The evidence included in this review addresses ‘unit’ non-response only (i.e., return of questionnaires). ‘Item’ response (i.e., completion of individual questions) may be greater with electronic methods, but this was not addressed in this review and requires investigation in the future.

We assessed evidence for reporting bias using Harbord’s modified test for small-study effects and found no evidence for bias. This test may not be reliable given the substantial heterogeneity between the results of the included trials [55].

Due to the nature of this study (secondary analysis of a published review), there is no pre-registered protocol for the subgroup analyses provided in this study.

Implications for practice, policy, and future research

These results will help researchers and healthcare providers to improve data collection from study participants and patients, helping to maintain study power and reduce bias due to missing data in research studies. In addition to the methods already known to be effective in increasing questionnaire response [8, 56], postal questionnaires should be used in preference to, or offered in addition to, electronic modes as this will help to increase the proportion of participants that responds. It should be noted, however, that the evidence upon which this recommendation is based is from studies published between 2001 and 2020, and this may change in the future as access to the Internet increases and more people become ‘tech-savvy’. Furthermore, we consider that the certainty of the evidence provided in this study is “Moderate”, due to the unexplained heterogeneity between the results of the included studies.

Future research

Evidence on effective data collection in low- and middle-income settings is needed. Research centres such as LSHTM can embed studies within trials (SWATs) in their research in these settings to help to increase the evidence base [57].
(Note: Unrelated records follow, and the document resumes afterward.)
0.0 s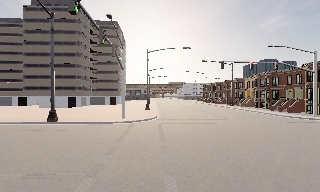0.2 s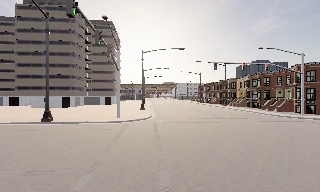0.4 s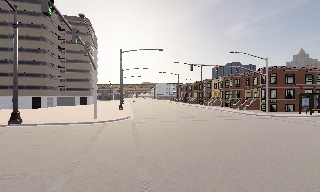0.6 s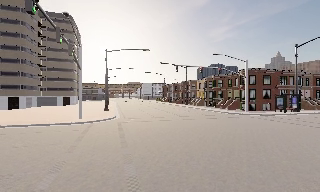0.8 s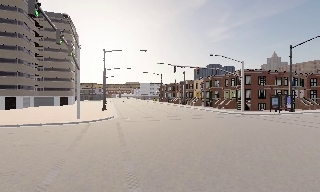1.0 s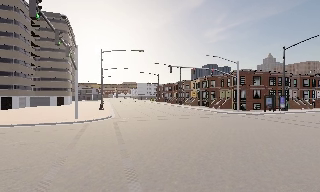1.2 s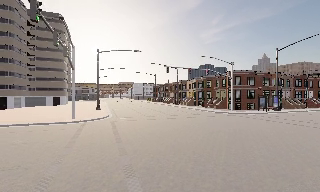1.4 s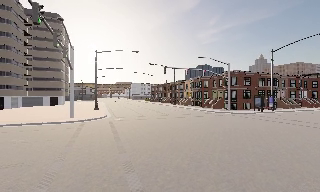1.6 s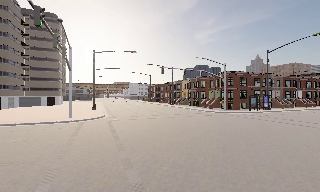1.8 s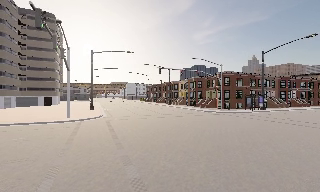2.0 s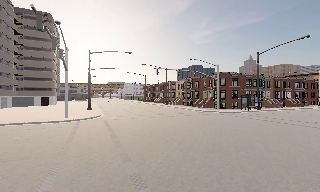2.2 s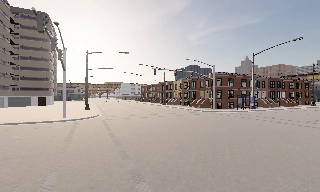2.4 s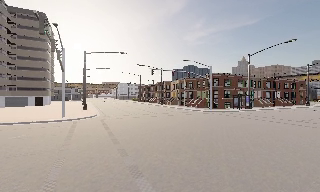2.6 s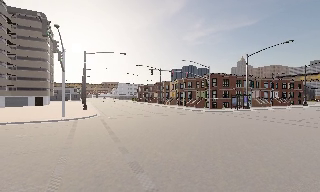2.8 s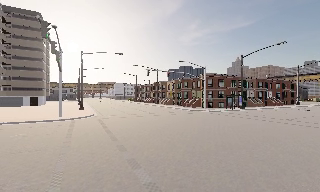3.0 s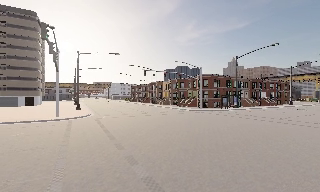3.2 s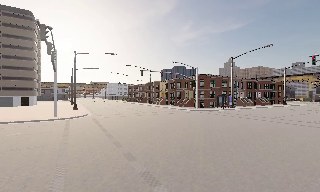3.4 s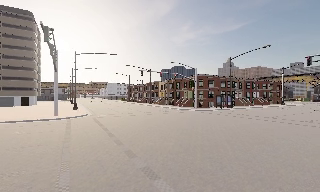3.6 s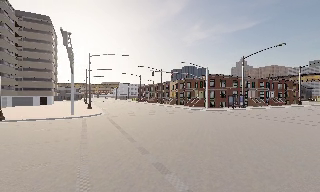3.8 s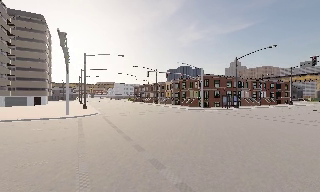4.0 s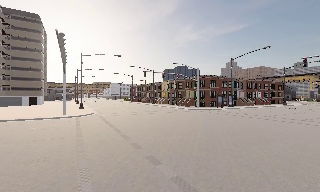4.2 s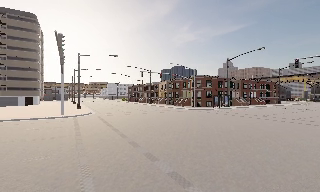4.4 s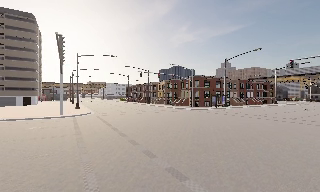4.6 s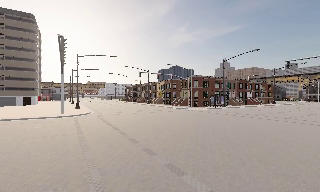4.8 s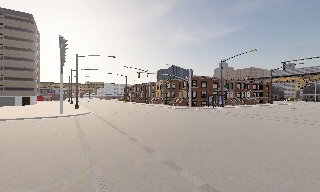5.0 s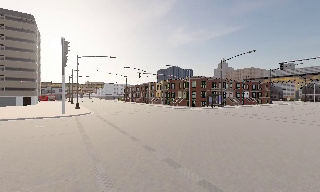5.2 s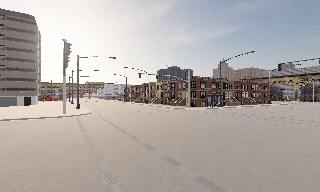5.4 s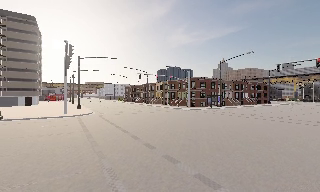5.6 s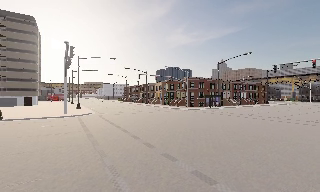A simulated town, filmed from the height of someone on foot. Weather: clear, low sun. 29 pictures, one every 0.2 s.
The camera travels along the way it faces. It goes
backward.
0.0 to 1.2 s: The camera swings to its right by about 20 degrees, and the scene slides to the left. It travels backward, about 2 m, so what stands in front gets smaller.
1.2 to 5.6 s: The camera swings to its right by about 10 degrees, and the scene slides to the left. It travels backward, about 7 m, so what stands in front gets smaller.
The film runs backward here.

Participation rates for epidemiologic studies have been declining [58]. Our study has presented evidence that postal questionnaires are preferable to electronic questionnaires to improve participation, but it does not tell us why. Research is still needed to advance sociological and psychological theories of participation in data collection procedures [59].

Electronic administration provides benefits for researchers over paper administration which have not been addressed by this study: A well-designed Web questionnaire can control skip patterns, check for allowable values and ranges and response consistencies, and it can include instructions and explanations about why a question is being asked [60]. These options could help to improve the completeness and quality of self-administered data collection, maintaining study power, reducing the risk of bias in study results, and saving study resources. Further research into the cost-effectiveness of electronic administration compared with postal administration in different settings will be needed to inform practice [61].